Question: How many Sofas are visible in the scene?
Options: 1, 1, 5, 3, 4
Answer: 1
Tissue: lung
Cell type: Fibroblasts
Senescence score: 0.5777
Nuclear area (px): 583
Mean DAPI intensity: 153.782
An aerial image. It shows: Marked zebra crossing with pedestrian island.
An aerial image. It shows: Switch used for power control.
*-*-*
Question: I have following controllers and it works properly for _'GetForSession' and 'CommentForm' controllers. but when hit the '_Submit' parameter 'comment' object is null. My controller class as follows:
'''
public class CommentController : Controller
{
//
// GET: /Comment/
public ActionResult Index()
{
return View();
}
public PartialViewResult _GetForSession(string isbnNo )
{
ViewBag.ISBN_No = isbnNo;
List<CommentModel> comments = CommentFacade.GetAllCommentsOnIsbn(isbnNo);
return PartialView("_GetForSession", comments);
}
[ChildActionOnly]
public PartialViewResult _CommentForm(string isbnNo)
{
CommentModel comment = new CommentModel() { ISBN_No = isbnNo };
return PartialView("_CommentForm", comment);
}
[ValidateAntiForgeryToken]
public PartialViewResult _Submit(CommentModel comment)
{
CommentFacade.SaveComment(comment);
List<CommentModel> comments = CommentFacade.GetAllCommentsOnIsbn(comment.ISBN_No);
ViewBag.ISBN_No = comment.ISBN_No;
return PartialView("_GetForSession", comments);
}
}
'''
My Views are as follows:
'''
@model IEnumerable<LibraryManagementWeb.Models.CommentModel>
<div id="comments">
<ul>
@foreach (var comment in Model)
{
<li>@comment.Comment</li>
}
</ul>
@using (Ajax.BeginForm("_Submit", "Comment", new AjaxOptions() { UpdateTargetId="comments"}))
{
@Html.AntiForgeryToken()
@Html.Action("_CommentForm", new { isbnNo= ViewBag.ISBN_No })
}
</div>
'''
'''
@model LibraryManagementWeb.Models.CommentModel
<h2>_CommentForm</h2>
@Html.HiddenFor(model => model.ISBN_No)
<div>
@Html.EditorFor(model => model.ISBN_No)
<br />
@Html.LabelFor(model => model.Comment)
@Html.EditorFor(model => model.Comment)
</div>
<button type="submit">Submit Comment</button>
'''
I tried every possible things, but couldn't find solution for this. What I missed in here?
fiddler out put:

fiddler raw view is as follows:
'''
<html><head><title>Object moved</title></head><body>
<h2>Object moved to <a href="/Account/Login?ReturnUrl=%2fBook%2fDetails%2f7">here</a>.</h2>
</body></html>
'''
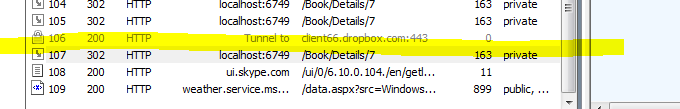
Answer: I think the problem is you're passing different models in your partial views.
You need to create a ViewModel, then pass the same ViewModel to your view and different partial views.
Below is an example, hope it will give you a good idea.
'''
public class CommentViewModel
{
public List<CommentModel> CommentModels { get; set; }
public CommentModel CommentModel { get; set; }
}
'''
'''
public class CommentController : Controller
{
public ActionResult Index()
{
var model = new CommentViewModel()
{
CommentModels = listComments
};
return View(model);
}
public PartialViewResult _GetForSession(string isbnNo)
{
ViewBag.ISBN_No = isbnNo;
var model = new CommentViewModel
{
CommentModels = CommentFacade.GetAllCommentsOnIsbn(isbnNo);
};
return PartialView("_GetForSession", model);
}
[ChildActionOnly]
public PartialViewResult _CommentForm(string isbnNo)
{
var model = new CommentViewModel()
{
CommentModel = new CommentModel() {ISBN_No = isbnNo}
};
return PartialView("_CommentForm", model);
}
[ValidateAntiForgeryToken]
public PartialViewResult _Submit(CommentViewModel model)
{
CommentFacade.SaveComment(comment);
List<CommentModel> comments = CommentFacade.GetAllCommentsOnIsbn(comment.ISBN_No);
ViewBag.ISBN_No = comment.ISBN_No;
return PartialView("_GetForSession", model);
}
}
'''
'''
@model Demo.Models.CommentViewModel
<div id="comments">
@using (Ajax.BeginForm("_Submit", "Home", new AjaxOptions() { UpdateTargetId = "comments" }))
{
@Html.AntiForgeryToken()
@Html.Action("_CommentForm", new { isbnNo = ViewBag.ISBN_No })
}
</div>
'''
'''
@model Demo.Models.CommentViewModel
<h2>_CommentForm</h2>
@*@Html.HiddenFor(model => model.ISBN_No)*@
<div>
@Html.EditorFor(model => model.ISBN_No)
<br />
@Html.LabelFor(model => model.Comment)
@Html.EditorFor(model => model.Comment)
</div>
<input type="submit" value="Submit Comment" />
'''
*-*-*
→ **What needs to be done**:
From the records above, reproduce exactly the lines from the one with "An aerial image. It shows: Marked" to the one with "An aerial image. It shows: Switch", both included, and no others.

→ **Written response**:
An aerial image. It shows: Marked zebra crossing with pedestrian island.
An aerial image. It shows: Switch used for power control.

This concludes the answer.